Friday, February 03, 2006

Deadly Inflammation from Diet

Okay, I have to admit it, when Dr. Barry Sears and I were discussing obesity in terms of it being benign or malignant, with one being a non-issue and the other deadly, my eyes started to glaze over with all the scientific-mumbo-jumbo coming my way.

Not that I wasn't interested in what we were discussing - it was just that much was way over my head and too abstract to really grasp. But, that's what often happens when you talk to a doctor or scientist and aren't one yourself. He graciously did explain much of what he was saying in terms I understood when I asked him to and that helped a lot but still did not allow my brain to fully take it all in at that moment.

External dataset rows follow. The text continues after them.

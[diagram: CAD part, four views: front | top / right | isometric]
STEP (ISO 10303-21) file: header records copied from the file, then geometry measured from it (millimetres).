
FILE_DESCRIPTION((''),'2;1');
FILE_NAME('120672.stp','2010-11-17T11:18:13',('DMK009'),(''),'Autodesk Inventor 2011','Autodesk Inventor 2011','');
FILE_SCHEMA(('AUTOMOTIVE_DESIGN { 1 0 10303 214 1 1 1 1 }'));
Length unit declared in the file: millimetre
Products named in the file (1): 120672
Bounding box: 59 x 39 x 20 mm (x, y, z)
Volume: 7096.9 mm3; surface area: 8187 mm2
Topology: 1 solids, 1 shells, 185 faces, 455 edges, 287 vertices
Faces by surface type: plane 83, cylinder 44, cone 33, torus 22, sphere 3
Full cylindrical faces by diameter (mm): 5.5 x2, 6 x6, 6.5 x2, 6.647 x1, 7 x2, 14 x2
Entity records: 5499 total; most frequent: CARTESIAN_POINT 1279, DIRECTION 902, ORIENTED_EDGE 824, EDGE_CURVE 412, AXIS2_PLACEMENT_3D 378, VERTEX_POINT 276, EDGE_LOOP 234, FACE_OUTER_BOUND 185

Sometimes you just need some time to let it all sink in, do some additional reading to grasp what you've been given for knowledge and ask questions of those who do understand what was said. Now, with a couple of weeks since that conversation, with my brain mulling over much of what he had to say about the role of inflammation in the process of making obesity "malignant" - I'm now convinced he's onto something. He might not have it all right, but he's definitely onto something important in our understanding of how obesity can turn deadly when the environment is right.

In the last two weeks I've done some intensive reading and researching along with asking dozens of questions to various people in medicine and areas of research. Believe me, what he was saying was compelling, but still a bit "out there" from my base of understanding. Which is why I spent some time seeking out more information to be able to discuss his ideas from a grounding in the evidence rather than from the perspective of 'well, Dr. Sears says so...'

Today, the opportunity to do so was provided with three separate articles - one from Diabetes Care, A Single Factor Underlies the Metabolic Syndrome, another from the Journal of Endocrinology, Detrimental actions of metabolic syndrome risk factor, homocysteine, on pancreatic b-cell glucose metabolism and insulin secretion (full-text PDF), and lastly a study detailed in this article, Omega-6 Fatty Acids Cause Prostate Tumors to Grow Twice as Fast.

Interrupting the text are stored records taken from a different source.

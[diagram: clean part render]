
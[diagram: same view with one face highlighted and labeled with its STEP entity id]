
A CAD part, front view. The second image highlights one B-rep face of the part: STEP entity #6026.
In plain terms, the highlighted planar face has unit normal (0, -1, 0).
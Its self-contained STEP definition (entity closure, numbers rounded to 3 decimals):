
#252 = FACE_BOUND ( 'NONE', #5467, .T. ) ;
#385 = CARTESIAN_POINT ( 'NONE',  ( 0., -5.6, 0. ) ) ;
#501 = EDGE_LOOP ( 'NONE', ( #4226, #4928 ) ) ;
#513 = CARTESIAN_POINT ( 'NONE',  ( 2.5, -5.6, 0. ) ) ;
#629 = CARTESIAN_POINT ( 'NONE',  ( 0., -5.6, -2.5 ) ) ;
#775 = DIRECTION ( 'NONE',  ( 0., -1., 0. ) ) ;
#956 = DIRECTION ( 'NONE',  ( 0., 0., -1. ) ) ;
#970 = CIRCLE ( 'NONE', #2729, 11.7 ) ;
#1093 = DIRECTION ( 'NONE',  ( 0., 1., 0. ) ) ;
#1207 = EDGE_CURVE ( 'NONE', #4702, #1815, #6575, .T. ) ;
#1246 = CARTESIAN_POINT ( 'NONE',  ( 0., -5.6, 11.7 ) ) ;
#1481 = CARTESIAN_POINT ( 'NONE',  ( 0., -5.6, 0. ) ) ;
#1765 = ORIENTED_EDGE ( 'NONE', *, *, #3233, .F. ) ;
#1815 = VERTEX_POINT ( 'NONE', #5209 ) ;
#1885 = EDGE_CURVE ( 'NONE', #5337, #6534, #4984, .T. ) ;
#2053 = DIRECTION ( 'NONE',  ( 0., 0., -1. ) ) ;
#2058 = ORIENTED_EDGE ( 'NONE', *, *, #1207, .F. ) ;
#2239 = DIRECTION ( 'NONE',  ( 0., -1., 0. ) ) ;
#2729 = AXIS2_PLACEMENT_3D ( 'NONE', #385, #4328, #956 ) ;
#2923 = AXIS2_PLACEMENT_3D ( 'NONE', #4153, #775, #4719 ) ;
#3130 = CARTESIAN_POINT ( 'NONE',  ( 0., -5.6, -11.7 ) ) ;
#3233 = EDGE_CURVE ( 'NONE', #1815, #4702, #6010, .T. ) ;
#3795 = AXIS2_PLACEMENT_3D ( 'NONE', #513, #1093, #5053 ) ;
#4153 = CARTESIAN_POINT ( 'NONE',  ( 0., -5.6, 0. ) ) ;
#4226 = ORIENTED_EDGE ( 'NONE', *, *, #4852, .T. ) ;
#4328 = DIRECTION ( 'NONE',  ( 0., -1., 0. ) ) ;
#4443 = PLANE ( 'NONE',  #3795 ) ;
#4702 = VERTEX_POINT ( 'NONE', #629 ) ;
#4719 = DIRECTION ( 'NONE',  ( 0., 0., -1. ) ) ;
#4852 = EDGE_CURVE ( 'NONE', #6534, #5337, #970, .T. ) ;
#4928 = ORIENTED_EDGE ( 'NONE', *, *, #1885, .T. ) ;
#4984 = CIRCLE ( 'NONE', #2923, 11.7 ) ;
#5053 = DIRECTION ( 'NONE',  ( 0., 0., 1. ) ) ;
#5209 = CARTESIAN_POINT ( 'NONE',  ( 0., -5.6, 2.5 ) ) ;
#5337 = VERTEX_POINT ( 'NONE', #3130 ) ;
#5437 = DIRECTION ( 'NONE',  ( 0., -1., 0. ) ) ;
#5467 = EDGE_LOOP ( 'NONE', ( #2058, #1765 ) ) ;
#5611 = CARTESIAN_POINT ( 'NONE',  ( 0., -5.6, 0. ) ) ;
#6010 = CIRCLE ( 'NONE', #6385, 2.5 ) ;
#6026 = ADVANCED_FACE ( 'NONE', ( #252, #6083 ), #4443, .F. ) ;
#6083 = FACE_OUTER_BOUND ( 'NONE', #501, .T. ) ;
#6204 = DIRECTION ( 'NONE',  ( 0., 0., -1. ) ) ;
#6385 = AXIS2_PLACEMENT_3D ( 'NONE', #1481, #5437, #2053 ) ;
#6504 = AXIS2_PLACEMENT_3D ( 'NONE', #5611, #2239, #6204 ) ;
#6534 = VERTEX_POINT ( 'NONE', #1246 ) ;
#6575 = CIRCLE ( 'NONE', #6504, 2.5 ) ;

As is often the situation, disparate organizations and researchers don't communicate with each other, and therefore it is difficult to 'connect the dots' to find plausible answers to some of our scientific questions and find agreement about underlying mechanisms in the metabolism that trigger disease. The three articles about are fascinating and thought provoking and connect to what Dr. Sears and I were discussing.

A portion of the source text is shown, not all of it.